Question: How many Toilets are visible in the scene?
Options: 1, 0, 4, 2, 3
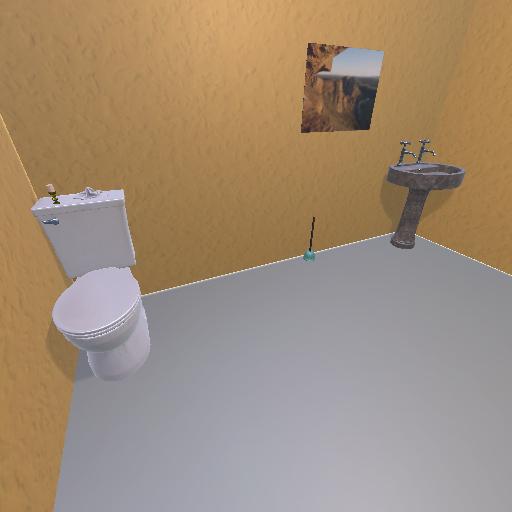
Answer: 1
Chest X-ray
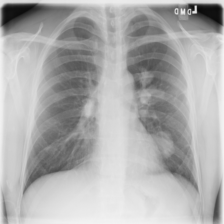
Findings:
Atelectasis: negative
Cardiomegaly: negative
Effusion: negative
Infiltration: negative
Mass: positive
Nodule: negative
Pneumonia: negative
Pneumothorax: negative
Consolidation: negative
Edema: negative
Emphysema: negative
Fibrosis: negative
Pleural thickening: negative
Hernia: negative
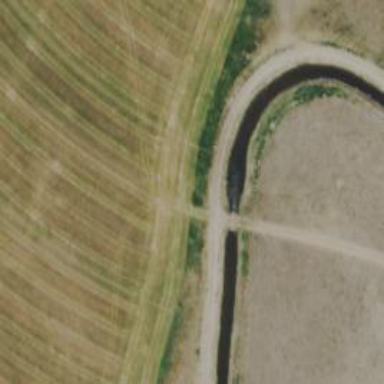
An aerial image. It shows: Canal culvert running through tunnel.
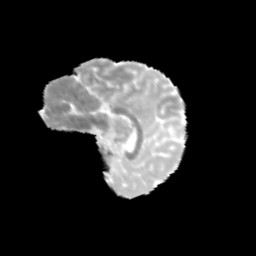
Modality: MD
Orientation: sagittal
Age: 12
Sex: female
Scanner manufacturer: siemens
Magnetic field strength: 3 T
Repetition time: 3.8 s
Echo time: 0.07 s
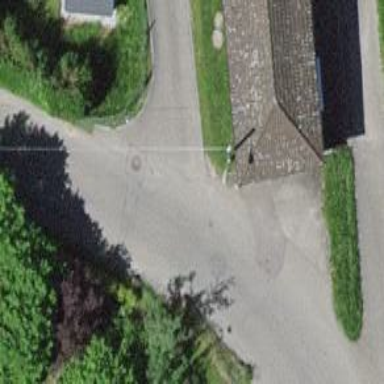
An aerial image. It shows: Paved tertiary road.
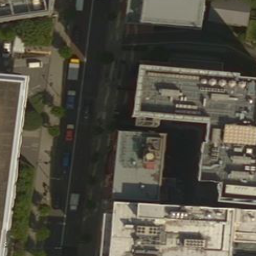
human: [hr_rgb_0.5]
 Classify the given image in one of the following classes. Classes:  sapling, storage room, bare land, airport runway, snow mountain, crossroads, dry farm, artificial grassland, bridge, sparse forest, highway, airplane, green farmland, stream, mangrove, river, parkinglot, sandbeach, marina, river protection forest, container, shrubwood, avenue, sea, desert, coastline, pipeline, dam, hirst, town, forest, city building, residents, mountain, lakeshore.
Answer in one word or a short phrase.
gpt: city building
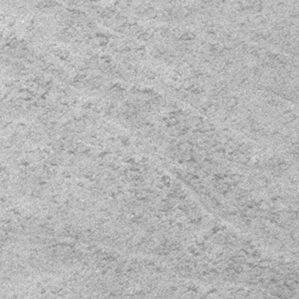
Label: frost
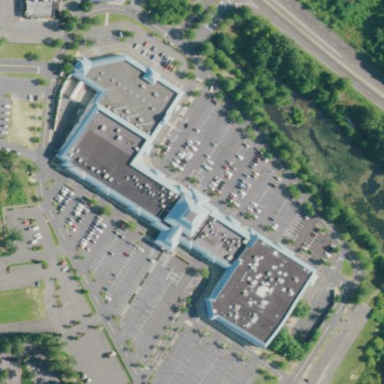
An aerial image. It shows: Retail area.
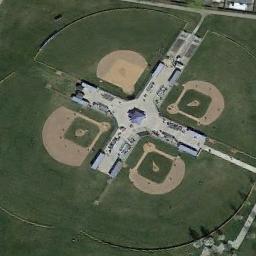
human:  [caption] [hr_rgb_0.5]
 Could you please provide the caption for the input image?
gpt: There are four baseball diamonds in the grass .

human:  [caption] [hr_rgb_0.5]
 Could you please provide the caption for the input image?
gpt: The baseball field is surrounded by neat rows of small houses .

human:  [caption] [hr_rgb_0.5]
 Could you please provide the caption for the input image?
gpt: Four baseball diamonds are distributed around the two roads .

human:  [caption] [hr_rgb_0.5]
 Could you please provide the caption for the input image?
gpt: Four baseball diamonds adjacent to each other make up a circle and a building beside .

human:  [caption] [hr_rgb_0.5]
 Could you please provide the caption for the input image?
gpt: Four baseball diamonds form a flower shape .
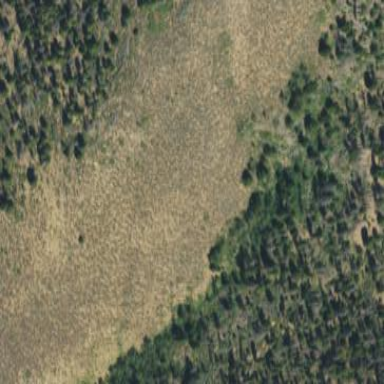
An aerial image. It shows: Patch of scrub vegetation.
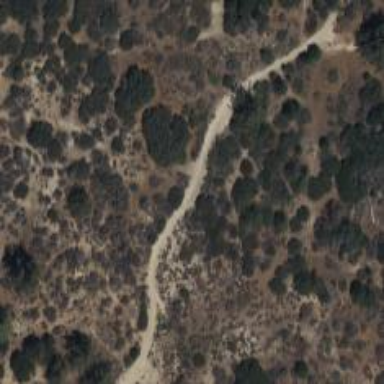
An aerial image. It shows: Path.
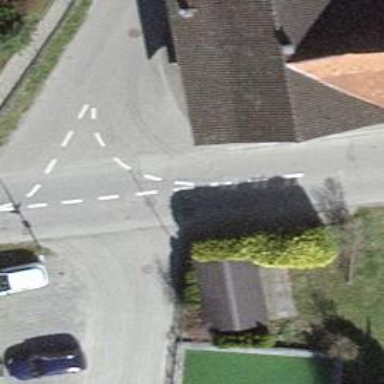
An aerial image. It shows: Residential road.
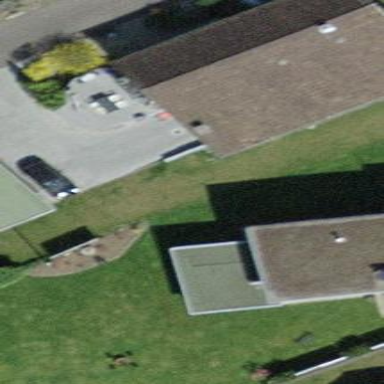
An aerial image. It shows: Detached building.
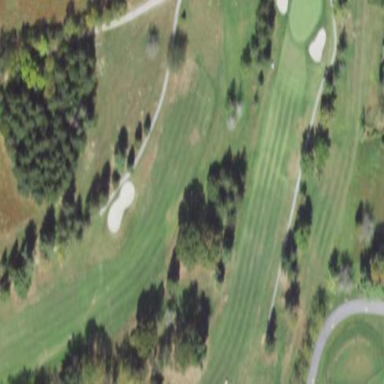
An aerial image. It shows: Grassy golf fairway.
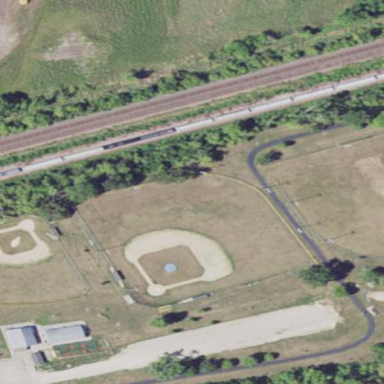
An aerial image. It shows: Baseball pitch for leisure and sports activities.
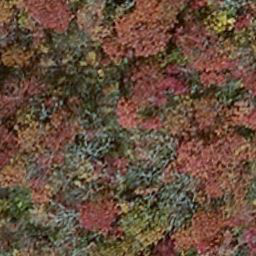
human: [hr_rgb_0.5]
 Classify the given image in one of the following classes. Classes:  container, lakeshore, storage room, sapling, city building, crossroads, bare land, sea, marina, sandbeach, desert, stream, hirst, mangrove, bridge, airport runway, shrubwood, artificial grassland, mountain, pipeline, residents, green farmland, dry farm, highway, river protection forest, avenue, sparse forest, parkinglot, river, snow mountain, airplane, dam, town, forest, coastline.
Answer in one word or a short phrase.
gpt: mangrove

* * *

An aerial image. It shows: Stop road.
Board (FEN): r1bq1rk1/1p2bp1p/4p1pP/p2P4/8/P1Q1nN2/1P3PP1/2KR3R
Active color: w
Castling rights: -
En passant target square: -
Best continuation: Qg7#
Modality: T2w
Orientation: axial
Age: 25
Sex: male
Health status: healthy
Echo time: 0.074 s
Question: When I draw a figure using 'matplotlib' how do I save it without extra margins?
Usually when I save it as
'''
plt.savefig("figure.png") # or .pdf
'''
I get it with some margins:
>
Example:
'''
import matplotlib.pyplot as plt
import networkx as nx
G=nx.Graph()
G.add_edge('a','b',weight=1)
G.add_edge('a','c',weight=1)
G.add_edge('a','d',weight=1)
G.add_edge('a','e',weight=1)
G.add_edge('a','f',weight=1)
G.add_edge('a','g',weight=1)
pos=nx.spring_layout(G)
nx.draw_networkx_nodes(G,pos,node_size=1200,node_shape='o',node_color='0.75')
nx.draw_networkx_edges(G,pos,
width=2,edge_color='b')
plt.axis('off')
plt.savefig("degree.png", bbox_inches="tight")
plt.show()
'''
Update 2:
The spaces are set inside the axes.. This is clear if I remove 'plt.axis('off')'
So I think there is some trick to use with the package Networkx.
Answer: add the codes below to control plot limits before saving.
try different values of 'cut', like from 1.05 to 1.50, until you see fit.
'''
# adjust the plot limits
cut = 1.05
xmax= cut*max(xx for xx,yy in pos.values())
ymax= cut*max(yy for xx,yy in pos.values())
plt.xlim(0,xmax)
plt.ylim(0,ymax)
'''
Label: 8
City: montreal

Problem details
Show the lines of the data that hold the word "shows".

Response area
An aerial image. It shows: Canal culvert running through tunnel.
An aerial image. It shows: Paved tertiary road.
An aerial image. It shows: Retail area.
An aerial image. It shows: Patch of scrub vegetation.
An aerial image. It shows: Path.
An aerial image. It shows: Residential road.
An aerial image. It shows: Detached building.
An aerial image. It shows: Grassy golf fairway.
An aerial image. It shows: Baseball pitch for leisure and sports activities.
An aerial image. It shows: Stop road.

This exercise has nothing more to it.